> [Instructions for the task]:
Do any lines in the data below contain "vertices"? If so, copy every one of them.

>>>

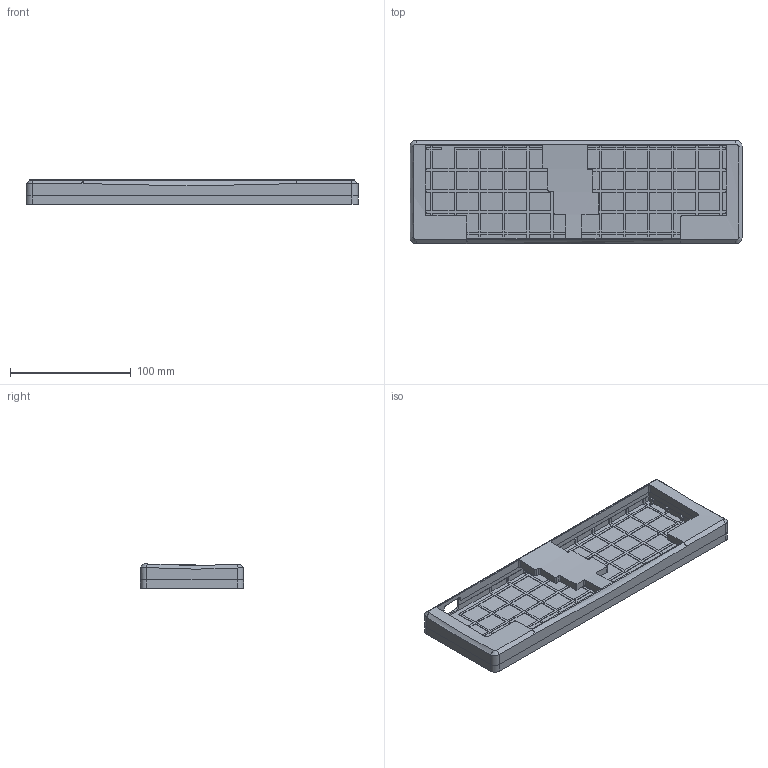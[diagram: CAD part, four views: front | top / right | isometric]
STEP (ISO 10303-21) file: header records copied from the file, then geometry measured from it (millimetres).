
FILE_DESCRIPTION(/* description */ (''),/* implementation_level */ '2;1');
FILE_NAME(/* name */ 'slash40-typeC v10.step',/* time_stamp */ '2024-04-27T16:03:34+09:00',/* author */ (''),/* organization */ (''),/* preprocessor_version */ 'ST-DEVELOPER v20',/* originating_system */ 'Autodesk Translation Framework v12.20.1.177',/* authorisation */ '');
FILE_SCHEMA (('AUTOMOTIVE_DESIGN { 1 0 10303 214 3 1 1 }'));
Length unit declared in the file: millimetre
Products named in the file (1): slash40-typeC
Bounding box: 275 x 85.36 x 20.24 mm (x, y, z)
Volume: 128848.7 mm3; surface area: 90607.5 mm2
Topology: 2 solids, 2 shells, 582 faces, 1544 edges, 1025 vertices
Faces by surface type: plane 509, cylinder 52, bspline 21
Full cylindrical faces by diameter (mm): 6 x4, 6.4 x4, 7.2 x8
Entity records: 19175 total; most frequent: CARTESIAN_POINT 4806, ORIENTED_EDGE 3086, DIRECTION 2646, EDGE_CURVE 1543, LINE 1368, VECTOR 1368, VERTEX_POINT 1025, EDGE_LOOP 646
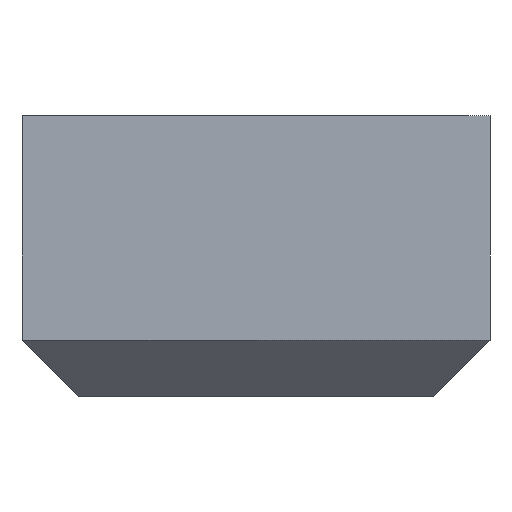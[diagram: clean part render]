
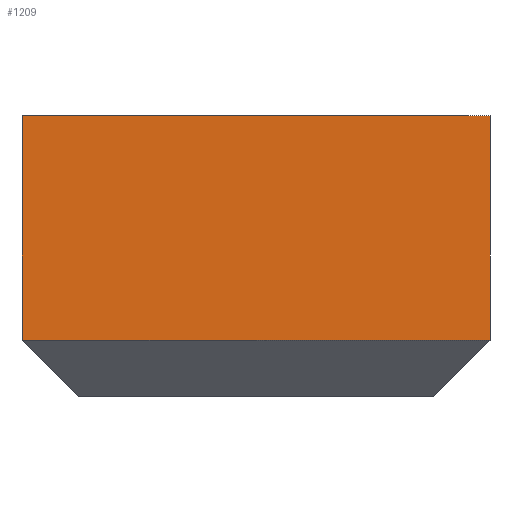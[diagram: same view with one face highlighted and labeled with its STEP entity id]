
A CAD part, front view. The second image highlights one B-rep face of the part: STEP entity #1209.
In plain terms, the highlighted planar face has unit normal (0, -1, 0).
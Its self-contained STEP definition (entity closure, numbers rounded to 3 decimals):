
#143=FACE_OUTER_BOUND('',#225,.T.);
#225=EDGE_LOOP('',(#1086,#1087,#1088,#1089));
#234=LINE('',#1677,#366);
#244=LINE('',#1700,#376);
#354=LINE('',#1988,#486);
#358=LINE('',#1997,#490);
#366=VECTOR('',#1340,10.);
#376=VECTOR('',#1360,10.);
#486=VECTOR('',#1640,10.);
#490=VECTOR('',#1654,10.);
#491=VERTEX_POINT('',#1661);
#497=VERTEX_POINT('',#1676);
#505=VERTEX_POINT('',#1699);
#598=VERTEX_POINT('',#1987);
#606=EDGE_CURVE('',#497,#491,#234,.T.);
#618=EDGE_CURVE('',#491,#505,#244,.T.);
#758=EDGE_CURVE('',#505,#598,#354,.T.);
#762=EDGE_CURVE('',#497,#598,#358,.T.);
#1086=ORIENTED_EDGE('',*,*,#606,.F.);
#1087=ORIENTED_EDGE('',*,*,#762,.T.);
#1088=ORIENTED_EDGE('',*,*,#758,.F.);
#1089=ORIENTED_EDGE('',*,*,#618,.F.);
#1141=PLANE('',#1323);
#1209=ADVANCED_FACE('',(#143),#1141,.T.);
#1323=AXIS2_PLACEMENT_3D('',#1998,#1655,#1656);
#1340=DIRECTION('',(-1.,0.,0.));
#1360=DIRECTION('',(0.,0.,1.));
#1640=DIRECTION('',(1.,0.,0.));
#1654=DIRECTION('',(0.,0.,1.));
#1655=DIRECTION('center_axis',(0.,-1.,0.));
#1656=DIRECTION('ref_axis',(1.,0.,0.));
#1661=CARTESIAN_POINT('',(0.,0.,3.));
#1676=CARTESIAN_POINT('',(25.,0.,3.));
#1677=CARTESIAN_POINT('',(6.25,0.,3.));
#1699=CARTESIAN_POINT('',(0.,0.,15.));
#1700=CARTESIAN_POINT('',(0.,0.,0.));
#1987=CARTESIAN_POINT('',(25.,0.,15.));
#1988=CARTESIAN_POINT('',(18.75,0.,15.));
#1997=CARTESIAN_POINT('',(25.,0.,0.));
#1998=CARTESIAN_POINT('Origin',(0.,0.,0.));
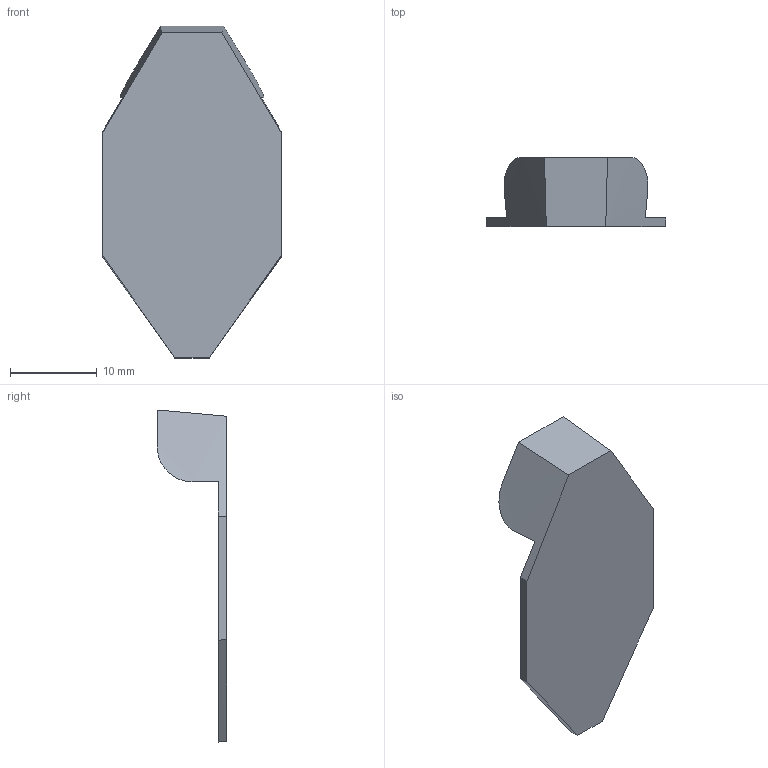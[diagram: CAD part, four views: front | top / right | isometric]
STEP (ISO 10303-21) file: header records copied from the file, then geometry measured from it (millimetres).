
FILE_DESCRIPTION(('FreeCAD Model'),'2;1');
FILE_NAME('Back Post.step', '2020-05-10T13:17:49',('Author'),(''), 'Open CASCADE STEP processor 7.3','FreeCAD','Unknown');
FILE_SCHEMA(('AUTOMOTIVE_DESIGN { 1 0 10303 214 1 1 1 1 }'));
Length unit declared in the file: millimetre
Products named in the file (1): Back_Post
Bounding box: 20.71 x 8 x 38.3 mm (x, y, z)
Volume: 1204.6 mm3; surface area: 1564.2 mm2
Topology: 1 solids, 1 shells, 13 faces, 33 edges, 22 vertices
Faces by surface type: bspline 8, plane 4, cylinder 1
Entity records: 977 total; most frequent: CARTESIAN_POINT 415, ORIENTED_EDGE 66, PCURVE 66, DEFINITIONAL_REPRESENTATION 66, B_SPLINE_CURVE_WITH_KNOTS 58, DIRECTION 53, LINE 41, VECTOR 41
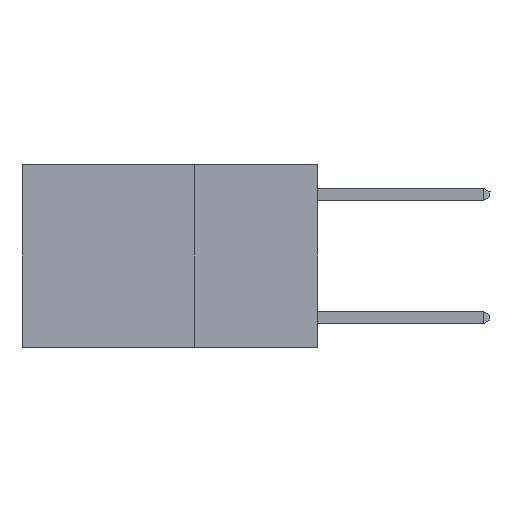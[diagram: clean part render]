
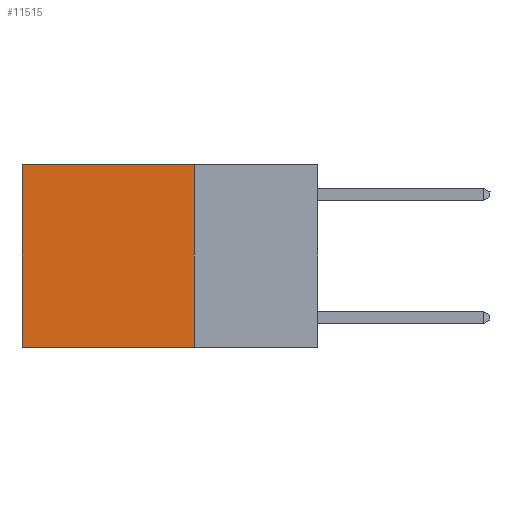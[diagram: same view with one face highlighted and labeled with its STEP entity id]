
A CAD part, left-side view. The second image highlights one B-rep face of the part: STEP entity #11515.
In plain terms, the highlighted planar face has unit normal (-1, 0, 0).
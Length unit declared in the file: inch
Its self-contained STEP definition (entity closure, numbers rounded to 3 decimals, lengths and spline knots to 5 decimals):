
#708 = AXIS2_PLACEMENT_3D ( 'NONE', #7861, #9271, #830 ) ;
#830 = DIRECTION ( 'NONE',  ( 0., 0., -1. ) ) ;
#846 = EDGE_CURVE ( 'NONE', #10090, #4128, #13289, .T. ) ;
#1192 = LINE ( 'NONE', #13378, #11531 ) ;
#2889 = DIRECTION ( 'NONE',  ( 0., 0., -1. ) ) ;
#4008 = DIRECTION ( 'NONE',  ( 0., 1., 0. ) ) ;
#4128 = VERTEX_POINT ( 'NONE', #8113 ) ;
#5396 = VECTOR ( 'NONE', #2889, 39.37008 ) ;
#6380 = EDGE_LOOP ( 'NONE', ( #15769, #12920, #13604, #10353 ) ) ;
#6406 = DIRECTION ( 'NONE',  ( 0., 1., 0. ) ) ;
#6841 = CARTESIAN_POINT ( 'NONE',  ( 0.2625, 0.25, 0. ) ) ;
#6879 = EDGE_CURVE ( 'NONE', #15231, #16796, #14963, .T. ) ;
#7552 = DIRECTION ( 'NONE',  ( 0., 0., -1. ) ) ;
#7623 = FACE_OUTER_BOUND ( 'NONE', #6380, .T. ) ;
#7861 = CARTESIAN_POINT ( 'NONE',  ( 0.2625, 0.25, 0. ) ) ;
#8113 = CARTESIAN_POINT ( 'NONE',  ( 0.2625, 0.25, -0.37 ) ) ;
#9195 = CARTESIAN_POINT ( 'NONE',  ( 0.2625, 0.6, -0.37 ) ) ;
#9271 = DIRECTION ( 'NONE',  ( 1., 0., 0. ) ) ;
#10090 = VERTEX_POINT ( 'NONE', #12354 ) ;
#10353 = ORIENTED_EDGE ( 'NONE', *, *, #12234, .T. ) ;
#11243 = VECTOR ( 'NONE', #7552, 39.37008 ) ;
#11515 = ADVANCED_FACE ( 'NONE', ( #7623 ), #17600, .F. ) ;
#11531 = VECTOR ( 'NONE', #6406, 39.37008 ) ;
#12133 = EDGE_CURVE ( 'NONE', #4128, #16796, #1192, .T. ) ;
#12234 = EDGE_CURVE ( 'NONE', #10090, #15231, #17625, .T. ) ;
#12354 = CARTESIAN_POINT ( 'NONE',  ( 0.2625, 0.25, 0. ) ) ;
#12920 = ORIENTED_EDGE ( 'NONE', *, *, #12133, .F. ) ;
#13289 = LINE ( 'NONE', #14439, #5396 ) ;
#13378 = CARTESIAN_POINT ( 'NONE',  ( 0.2625, 0.25, -0.37 ) ) ;
#13604 = ORIENTED_EDGE ( 'NONE', *, *, #846, .F. ) ;
#14439 = CARTESIAN_POINT ( 'NONE',  ( 0.2625, 0.25, 0. ) ) ;
#14963 = LINE ( 'NONE', #17255, #11243 ) ;
#15231 = VERTEX_POINT ( 'NONE', #17148 ) ;
#15769 = ORIENTED_EDGE ( 'NONE', *, *, #6879, .T. ) ;
#16796 = VERTEX_POINT ( 'NONE', #9195 ) ;
#17148 = CARTESIAN_POINT ( 'NONE',  ( 0.2625, 0.6, 0. ) ) ;
#17187 = VECTOR ( 'NONE', #4008, 39.37008 ) ;
#17255 = CARTESIAN_POINT ( 'NONE',  ( 0.2625, 0.6, 0. ) ) ;
#17600 = PLANE ( 'NONE',  #708 ) ;
#17625 = LINE ( 'NONE', #6841, #17187 ) ;
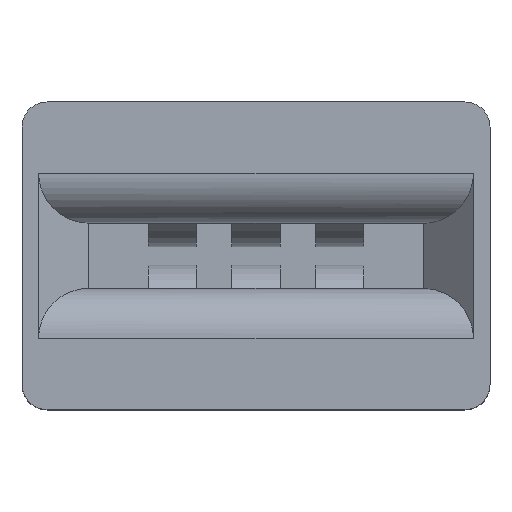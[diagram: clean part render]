
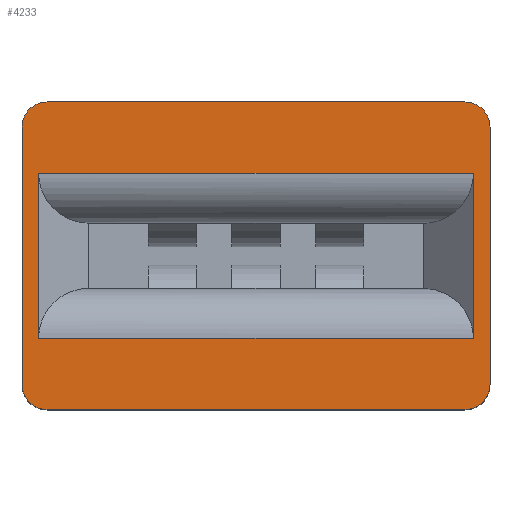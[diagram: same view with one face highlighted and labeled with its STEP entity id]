
A CAD part, top view. The second image highlights one B-rep face of the part: STEP entity #4233.
In plain terms, the highlighted planar face has unit normal (0, 0, 1).
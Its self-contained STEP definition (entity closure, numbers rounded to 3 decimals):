
#147=DIRECTION('',(0.,-1.,0.));
#148=VECTOR('',#147,7.823);
#149=CARTESIAN_POINT('',(-7.112,3.912,0.));
#150=LINE('',#149,#148);
#267=DIRECTION('',(0.,-1.,0.));
#268=VECTOR('',#267,7.823);
#269=CARTESIAN_POINT('',(7.112,3.912,0.));
#270=LINE('',#269,#268);
#1450=DIRECTION('',(1.,0.,0.));
#1451=VECTOR('',#1450,12.7);
#1452=CARTESIAN_POINT('',(-6.35,-4.674,0.));
#1453=LINE('',#1452,#1451);
#1458=DIRECTION('',(1.,0.,0.));
#1459=VECTOR('',#1458,13.208);
#1460=CARTESIAN_POINT('',(-6.604,2.515,0.));
#1461=LINE('',#1460,#1459);
#1462=DIRECTION('',(-1.,0.,0.));
#1463=VECTOR('',#1462,13.208);
#1464=CARTESIAN_POINT('',(6.604,-2.515,0.));
#1465=LINE('',#1464,#1463);
#1466=CARTESIAN_POINT('',(-6.35,-3.912,0.));
#1467=DIRECTION('',(0.,0.,1.));
#1468=DIRECTION('',(-1.,0.,0.));
#1469=AXIS2_PLACEMENT_3D('',#1466,#1467,#1468);
#1471=CARTESIAN_POINT('',(-6.35,3.912,0.));
#1472=DIRECTION('',(0.,0.,1.));
#1473=DIRECTION('',(0.,1.,0.));
#1474=AXIS2_PLACEMENT_3D('',#1471,#1472,#1473);
#1476=DIRECTION('',(1.,0.,0.));
#1477=VECTOR('',#1476,12.7);
#1478=CARTESIAN_POINT('',(-6.35,4.674,0.));
#1479=LINE('',#1478,#1477);
#1480=CARTESIAN_POINT('',(6.35,3.912,0.));
#1481=DIRECTION('',(0.,0.,1.));
#1482=DIRECTION('',(1.,0.,0.));
#1483=AXIS2_PLACEMENT_3D('',#1480,#1481,#1482);
#1485=CARTESIAN_POINT('',(6.35,-3.912,0.));
#1486=DIRECTION('',(0.,0.,1.));
#1487=DIRECTION('',(0.,-1.,0.));
#1488=AXIS2_PLACEMENT_3D('',#1485,#1486,#1487);
#1586=DIRECTION('',(0.,-1.,0.));
#1587=VECTOR('',#1586,5.029);
#1588=CARTESIAN_POINT('',(6.604,2.515,0.));
#1589=LINE('',#1588,#1587);
#1690=DIRECTION('',(0.,1.,0.));
#1691=VECTOR('',#1690,5.029);
#1692=CARTESIAN_POINT('',(-6.604,-2.515,0.));
#1693=LINE('',#1692,#1691);
#1795=CARTESIAN_POINT('',(-6.604,2.515,0.));
#1796=CARTESIAN_POINT('',(6.604,2.515,0.));
#1797=VERTEX_POINT('',#1795);
#1798=VERTEX_POINT('',#1796);
#1803=CARTESIAN_POINT('',(6.604,-2.515,0.));
#1804=CARTESIAN_POINT('',(-6.604,-2.515,0.));
#1805=VERTEX_POINT('',#1803);
#1806=VERTEX_POINT('',#1804);
#2115=CARTESIAN_POINT('',(-7.112,-3.912,0.));
#2116=CARTESIAN_POINT('',(-6.35,-4.674,0.));
#2117=VERTEX_POINT('',#2115);
#2118=VERTEX_POINT('',#2116);
#2127=CARTESIAN_POINT('',(-6.35,4.674,0.));
#2128=VERTEX_POINT('',#2127);
#2129=CARTESIAN_POINT('',(-7.112,3.912,0.));
#2130=VERTEX_POINT('',#2129);
#2135=CARTESIAN_POINT('',(6.35,-4.674,0.));
#2136=VERTEX_POINT('',#2135);
#2137=CARTESIAN_POINT('',(7.112,-3.912,0.));
#2138=VERTEX_POINT('',#2137);
#2139=CARTESIAN_POINT('',(7.112,3.912,0.));
#2140=CARTESIAN_POINT('',(6.35,4.674,0.));
#2141=VERTEX_POINT('',#2139);
#2142=VERTEX_POINT('',#2140);
#4205=CARTESIAN_POINT('',(-7.112,4.674,0.));
#4206=DIRECTION('',(0.,0.,1.));
#4207=DIRECTION('',(0.,-1.,0.));
#4208=AXIS2_PLACEMENT_3D('',#4205,#4206,#4207);
#4209=PLANE('',#4208);
#4210=ORIENTED_EDGE('',*,*,#4197,.F.);
#4211=ORIENTED_EDGE('',*,*,#2308,.F.);
#4213=ORIENTED_EDGE('',*,*,#4212,.F.);
#4215=ORIENTED_EDGE('',*,*,#4214,.T.);
#4217=ORIENTED_EDGE('',*,*,#4216,.F.);
#4218=ORIENTED_EDGE('',*,*,#2451,.T.);
#4219=ORIENTED_EDGE('',*,*,#4172,.F.);
#4220=ORIENTED_EDGE('',*,*,#4185,.F.);
#4221=EDGE_LOOP('',(#4210,#4211,#4213,#4215,#4217,#4218,#4219,#4220));
#4222=FACE_OUTER_BOUND('',#4221,.F.);
#4224=ORIENTED_EDGE('',*,*,#4223,.F.);
#4226=ORIENTED_EDGE('',*,*,#4225,.F.);
#4228=ORIENTED_EDGE('',*,*,#4227,.F.);
#4230=ORIENTED_EDGE('',*,*,#4229,.F.);
#4231=EDGE_LOOP('',(#4224,#4226,#4228,#4230));
#4232=FACE_BOUND('',#4231,.F.);
#1470=CIRCLE('',#1469,0.762);
#1475=CIRCLE('',#1474,0.762);
#1484=CIRCLE('',#1483,0.762);
#1489=CIRCLE('',#1488,0.762);
#2308=EDGE_CURVE('',#2130,#2117,#150,.T.);
#2451=EDGE_CURVE('',#2141,#2138,#270,.T.);
#4172=EDGE_CURVE('',#2136,#2138,#1489,.T.);
#4185=EDGE_CURVE('',#2118,#2136,#1453,.T.);
#4197=EDGE_CURVE('',#2117,#2118,#1470,.T.);
#4212=EDGE_CURVE('',#2128,#2130,#1475,.T.);
#4214=EDGE_CURVE('',#2128,#2142,#1479,.T.);
#4216=EDGE_CURVE('',#2141,#2142,#1484,.T.);
#4223=EDGE_CURVE('',#1797,#1798,#1461,.T.);
#4225=EDGE_CURVE('',#1806,#1797,#1693,.T.);
#4227=EDGE_CURVE('',#1805,#1806,#1465,.T.);
#4229=EDGE_CURVE('',#1798,#1805,#1589,.T.);
#4233=ADVANCED_FACE('',(#4222,#4232),#4209,.T.);

<<<

> [Solution to the exercise]:
Topology: 2 solids, 2 shells, 582 faces, 1544 edges, 1025 vertices
Topology: 1 solids, 1 shells, 13 faces, 33 edges, 22 vertices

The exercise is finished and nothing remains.